Along with a delegation of dignitaries the Mayor of Hiroshima Kazumi Matsui met the Lord Mayor of Manchester Paul Murphy OBE earlier this week, in order to recognise the city’s role in the Mayors for Peace programme.
The Hiroshima delegation joined the Lord Mayor at Manchester Museum to meet local school children to learn about Project G, an initiative that saw Gingko seeds from tress that survived the bombing of Hiroshima presented to Manchester. The delegation then proceeded to Manchester Town Hall for a civic lunch and to give thanks to Manchester for accepting the role of Mayors for Peace.
Following the lunch a meeting was held with representatives of the Mines Advisory Group, to discuss developing coalitions of support to bring about a Nuclear Weapons Convention and to understand the wider work of the Nobel Peace Laureate group.
Mayors for Peace was founded in 1982 by the previous Mayor of Hiroshima Takeshi Araki, with the aim to provide a way for cities around the world to work towards the total abolition of nuclear weapons. As a ‘Lead City’ Manchester will help to develop a UK and Ireland Mayors for Peace chapter. The chapter will enable councils across the UK and the Republic of Ireland to unite and to call for the commencement of negotiations towards the elimination of nuclear weapons by the year 2020.

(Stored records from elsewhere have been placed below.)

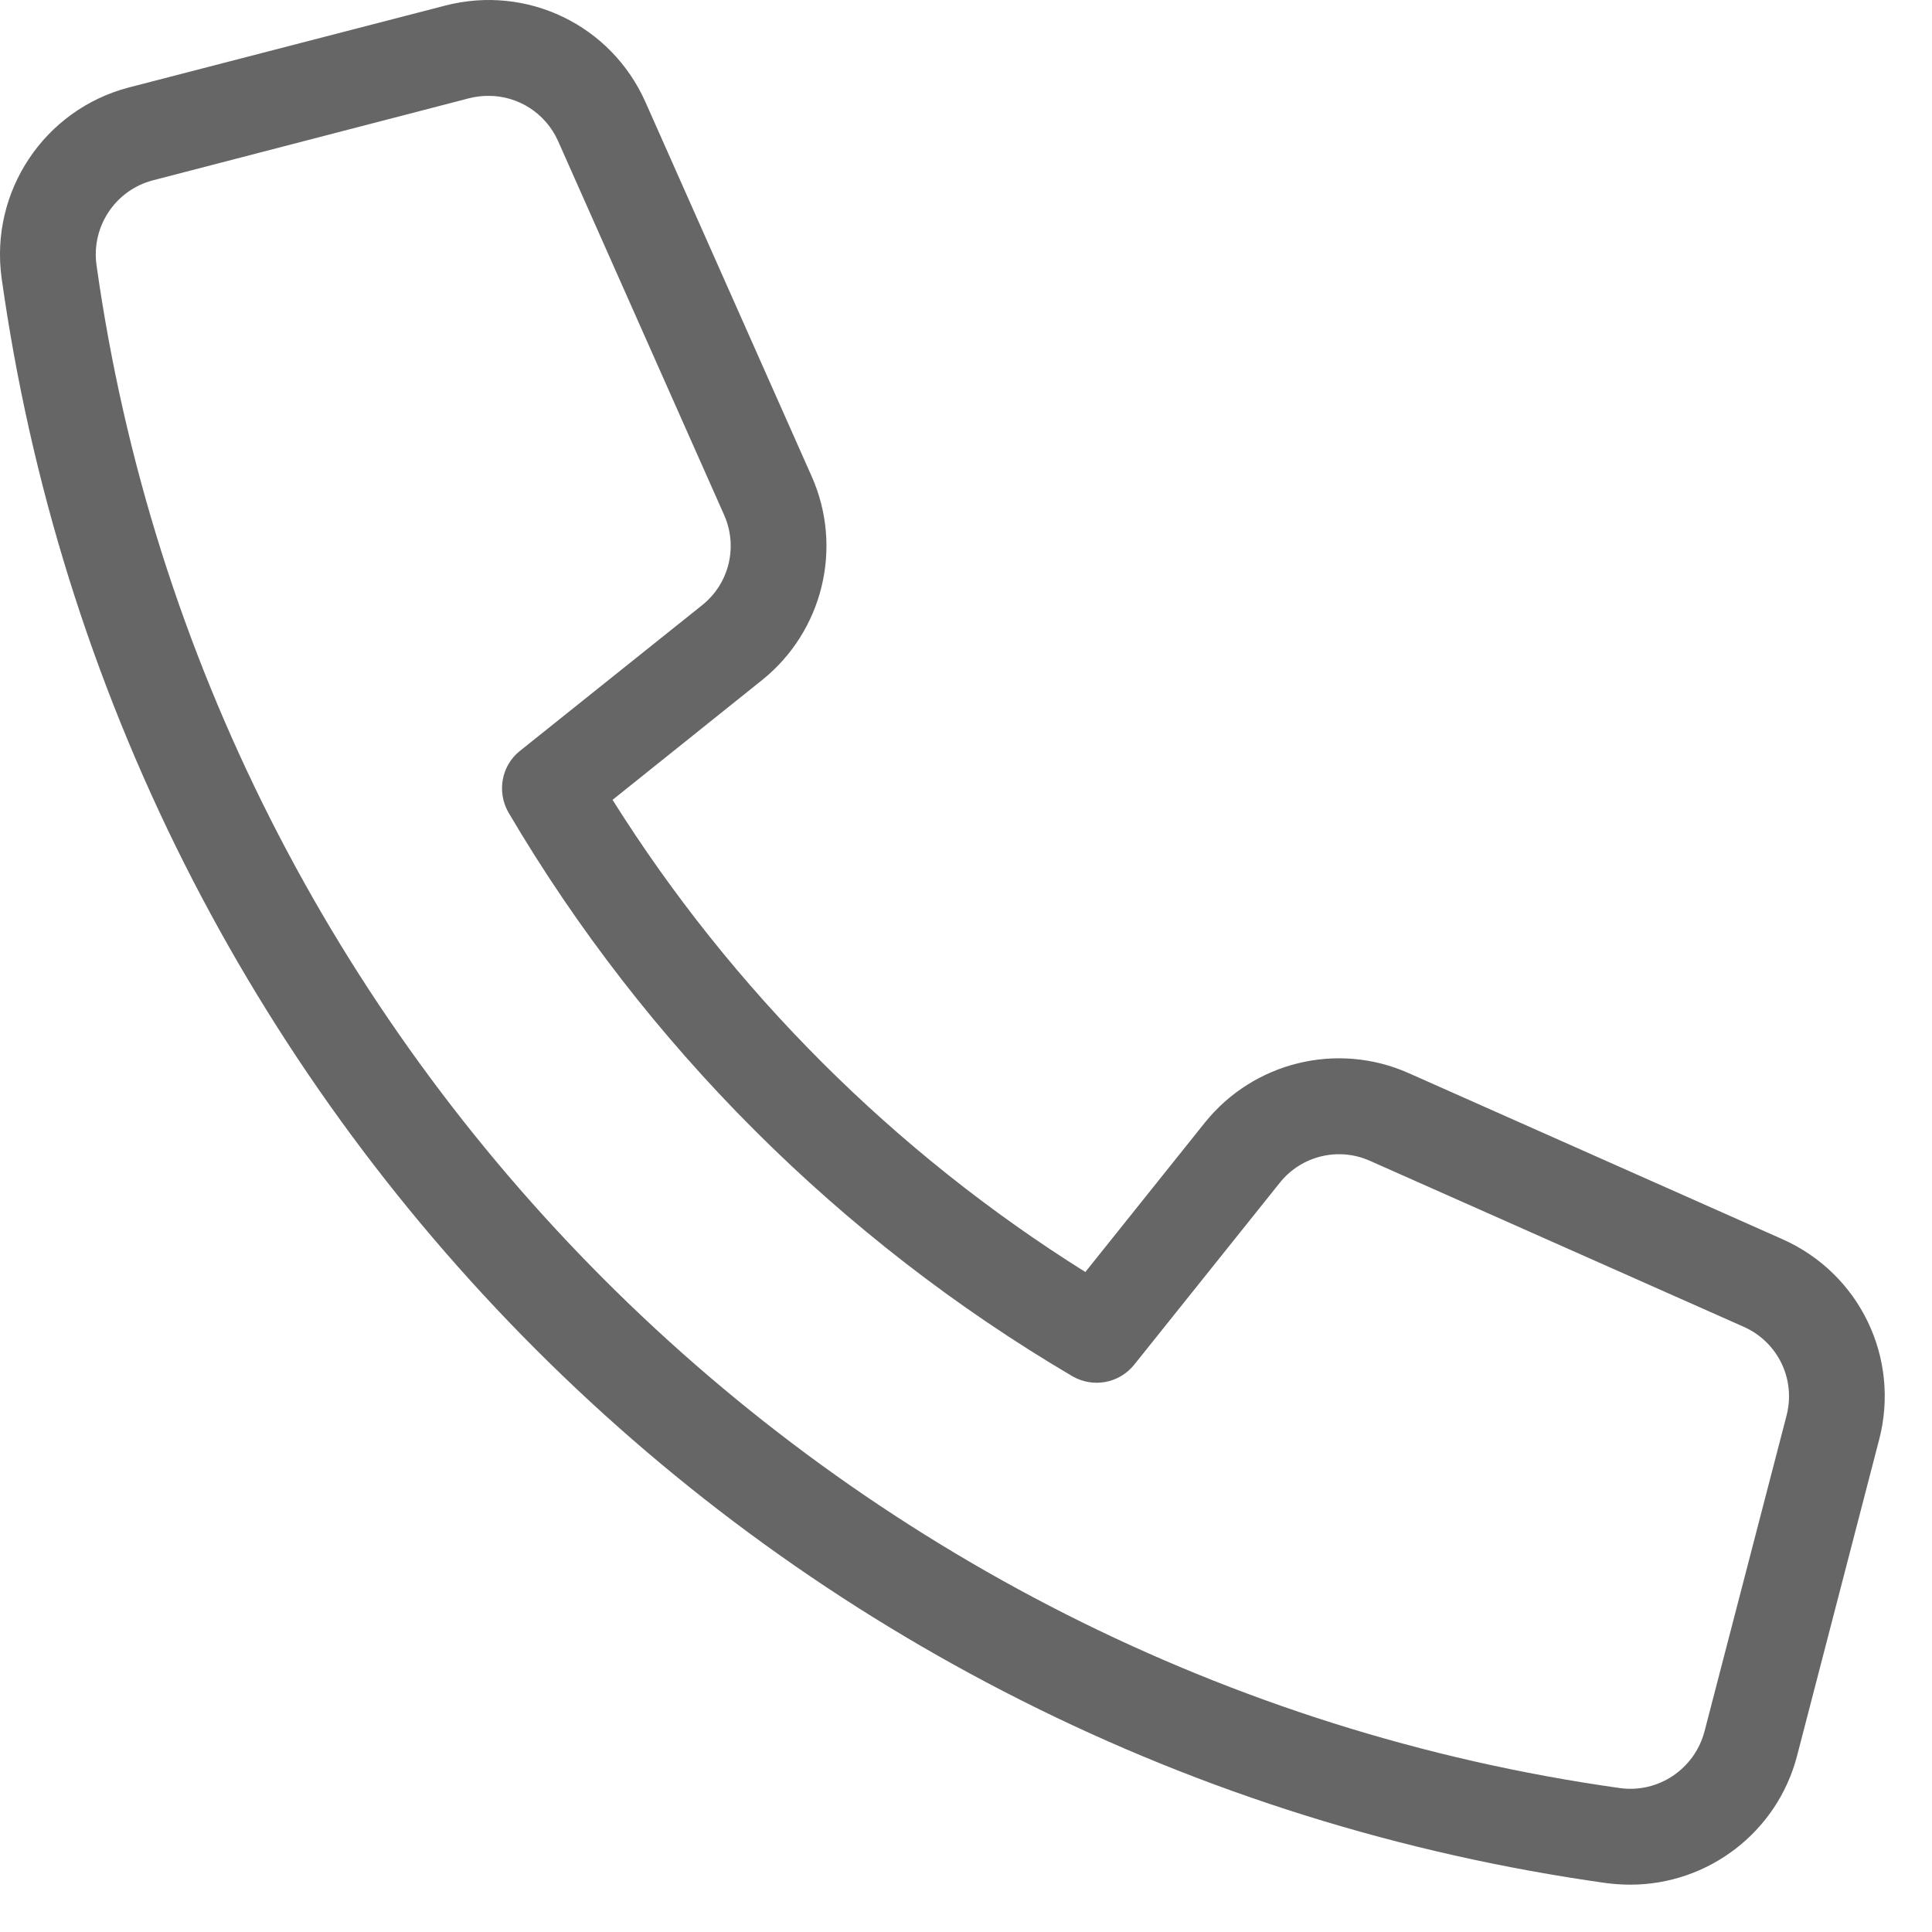 <?xml version="1.0" encoding="UTF-8"?>
<svg width="18px" height="18px" viewBox="0 0 18 18" version="1.1" xmlns="http://www.w3.org/2000/svg" xmlns:xlink="http://www.w3.org/1999/xlink">
    <!-- Generator: Sketch 63.1 (92452) - https://sketch.com -->
    <title>电话</title>
    <desc>Created with Sketch.</desc>
    <g id="页面-1" stroke="none" stroke-width="1" fill="none" fill-rule="evenodd">
        <g id="联系我们" transform="translate(-351, -926)" fill-rule="nonzero">
            <g id="编组-8" transform="translate(290, 695)">
                <g id="编组-9" transform="translate(60, 182)">
                    <g id="编组-7" transform="translate(0, 48)">
                        <g id="电话">
                            <rect id="矩形" fill="#000000" opacity="0" x="0" y="0" width="20" height="20"></rect>
                            <path d="M16.19,18.559 C16.118,18.559 16.043,18.554 15.969,18.545 C14.06,18.277 12.224,17.704 10.509,16.839 C8.837,15.996 7.316,14.897 5.989,13.569 C4.663,12.242 3.562,10.721 2.719,9.049 C1.856,7.335 1.283,5.5 1.015,3.591 C0.904,2.784 1.413,2.021 2.2,1.815 L5.148,1.052 C5.909,0.855 6.694,1.232 7.014,1.952 L8.562,5.438 C8.858,6.102 8.666,6.883 8.099,7.337 L6.707,8.452 C7.821,10.226 9.334,11.738 11.112,12.851 L12.224,11.461 C12.678,10.894 13.459,10.702 14.124,10.998 L17.608,12.546 C18.326,12.866 18.705,13.651 18.508,14.411 L17.743,17.358 C17.557,18.074 16.91,18.559 16.19,18.559 Z M5.552,1.893 C5.493,1.893 5.433,1.9 5.372,1.915 L2.425,2.68 C2.076,2.771 1.85,3.109 1.899,3.468 C2.927,10.795 8.765,16.63 16.092,17.659 C16.449,17.709 16.787,17.482 16.88,17.133 L17.645,14.188 C17.732,13.851 17.565,13.504 17.247,13.362 L13.763,11.815 C13.469,11.684 13.125,11.768 12.924,12.019 L11.566,13.716 C11.426,13.889 11.183,13.933 10.991,13.822 C8.828,12.549 7.01,10.734 5.738,8.571 C5.627,8.379 5.671,8.133 5.844,7.996 L7.542,6.638 C7.794,6.437 7.877,6.093 7.747,5.799 L6.199,2.313 C6.082,2.053 5.827,1.893 5.552,1.893 Z" id="形状" fill="#666666"></path>
                        </g>
                    </g>
                </g>
            </g>
        </g>
    </g>
</svg>

Lord Mayor of Manchester, Councillor Paul Murphy OBE, has stated, “It was a great honour to welcome the Mayor of Hiroshima to our city. Mayors for Peace allows us to stand shoulder-to shoulder with cities across the world in calling for the elimination of nuclear weapons and ensures we never forget or repeat the tragic events which unfolded in Japan in 1945. I am tremendously proud of Manchester’s involvement in Mayors for Peace”.